FDA approval of VisuMax Femtosecond Laser expands surgical treatment options for myopia

The U.S. Food and Drug Administration today approved the VisuMax Femtosecond Laser for the small incision lenticule extraction (SMILE) procedure to reduce or eliminate nearsightedness in certain patients 22 years of age or older.

Not all patients are candidates for SMILE, and individuals should carefully review the patient labeling and discuss their expectations with their eye care professional.

"This approval expands the surgical treatment options available to patients for correcting nearsightedness," said Malvina Eydelman, M.D., director of Ophthalmic and Ear, Nose and Throat Devices, in FDA's Center for Devices and Radiological Health.

Nearsightedness, or myopia, is a common vision condition in which close objects are seen clearly, but objects farther away are blurred.
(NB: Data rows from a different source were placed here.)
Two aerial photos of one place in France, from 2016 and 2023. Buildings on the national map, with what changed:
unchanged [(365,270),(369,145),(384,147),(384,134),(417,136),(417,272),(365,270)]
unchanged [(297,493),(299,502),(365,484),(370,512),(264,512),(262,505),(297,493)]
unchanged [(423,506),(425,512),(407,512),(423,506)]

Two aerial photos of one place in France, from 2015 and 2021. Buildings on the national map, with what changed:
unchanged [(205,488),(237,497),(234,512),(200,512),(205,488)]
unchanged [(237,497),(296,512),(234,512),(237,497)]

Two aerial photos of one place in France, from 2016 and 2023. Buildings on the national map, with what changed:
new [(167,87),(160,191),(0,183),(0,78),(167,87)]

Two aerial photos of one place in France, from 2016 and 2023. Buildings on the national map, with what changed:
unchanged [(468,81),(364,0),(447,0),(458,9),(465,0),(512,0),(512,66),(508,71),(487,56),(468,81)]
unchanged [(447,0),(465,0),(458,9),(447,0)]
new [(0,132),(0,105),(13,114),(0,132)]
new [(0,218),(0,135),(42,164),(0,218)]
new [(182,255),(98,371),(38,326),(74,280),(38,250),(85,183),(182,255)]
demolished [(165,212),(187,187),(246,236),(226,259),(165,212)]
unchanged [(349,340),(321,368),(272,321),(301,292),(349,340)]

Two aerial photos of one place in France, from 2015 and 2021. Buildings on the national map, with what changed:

It occurs when the eye focuses light in front of the retina. This can be due to the shape of the cornea being too steep and/or the length of the eyeball being too long.
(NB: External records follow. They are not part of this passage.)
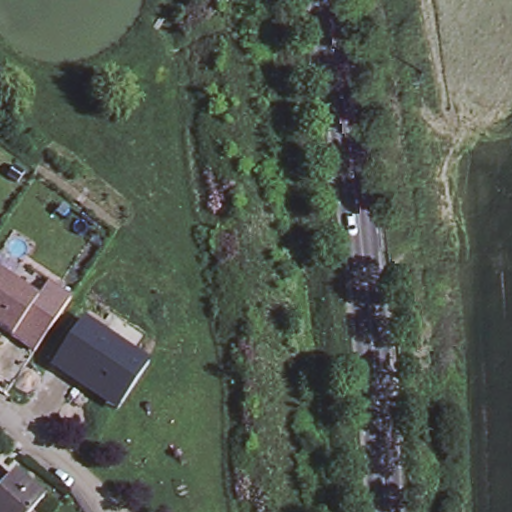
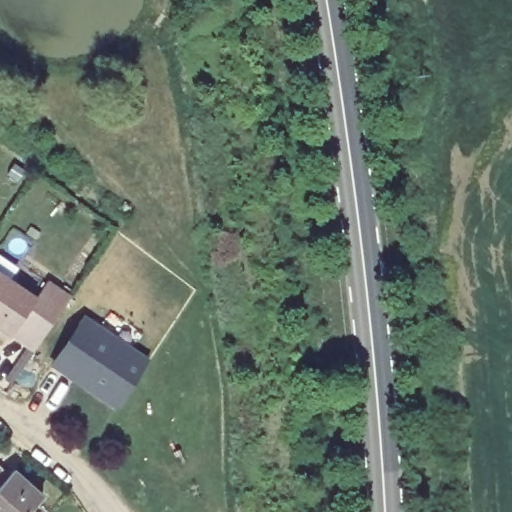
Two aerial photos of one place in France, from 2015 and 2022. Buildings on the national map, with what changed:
unchanged [(10,335),(0,328),(0,274),(35,297),(10,335)]
unchanged [(35,297),(47,280),(70,296),(32,350),(10,335),(35,297)]
unchanged [(119,411),(50,369),(84,317),(150,361),(119,411)]
unchanged [(0,475),(0,468),(4,471),(0,475)]
unchanged [(42,497),(29,512),(0,512),(0,488),(14,472),(42,497)]

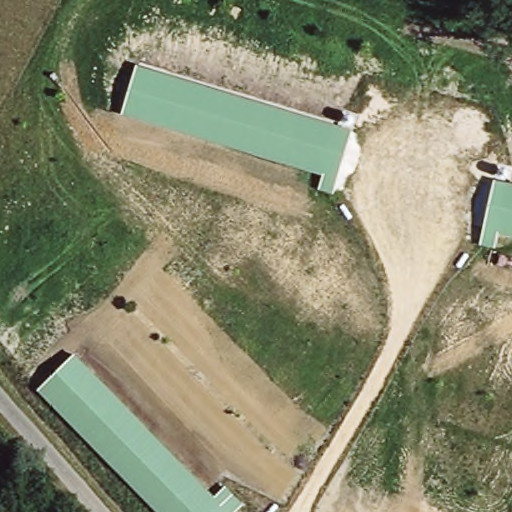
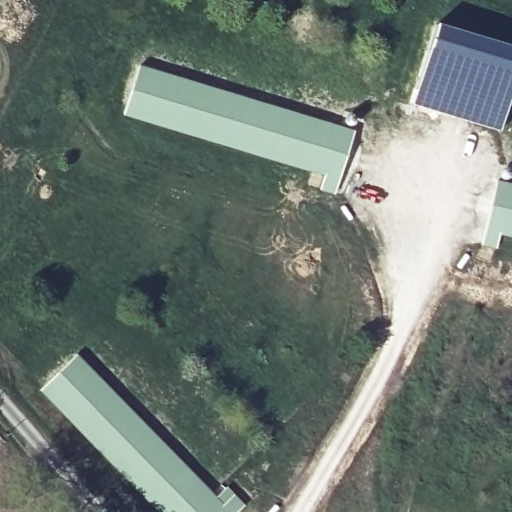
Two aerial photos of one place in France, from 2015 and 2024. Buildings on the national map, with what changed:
new [(512,92),(501,130),(411,104),(434,24),(512,46),(512,92)]
unchanged [(356,128),(337,193),(321,190),(325,174),(124,115),(140,65),(356,128)]
unchanged [(512,235),(504,234),(499,250),(483,246),(497,180),(512,183),(512,235)]
unchanged [(216,495),(226,484),(245,503),(236,512),(159,512),(40,391),(76,355),(216,495)]

The VisuMax Femtosecond Laser removes a small amount of eye tissue to permanently reshape the cornea. A femtosecond (very fast, short-pulsed) laser makes cuts within the cornea, creating a disc-shaped piece of tissue that is removed by the surgeon through a small incision in the surface of the cornea. This tissue removal causes the shape of the cornea to change, which corrects the nearsightedness.

A clinical study of the safety and effectiveness of the device to correct nearsightedness found the procedure resulted in stable vision correction at six months. Of the 328 participants evaluated at six months, all but one had uncorrected (without glasses or contacts) visual acuity of 20/40 or better, and 88 percent had uncorrected visual acuity of 20/20 or better.

Common complications during surgery included difficulty removing the corneal tissue and loss of suction that keeps the laser aligned with your eye. Common complications after surgery included debris at the site of tissue removal, dry eye, moderate to severe glare and moderate to severe halos.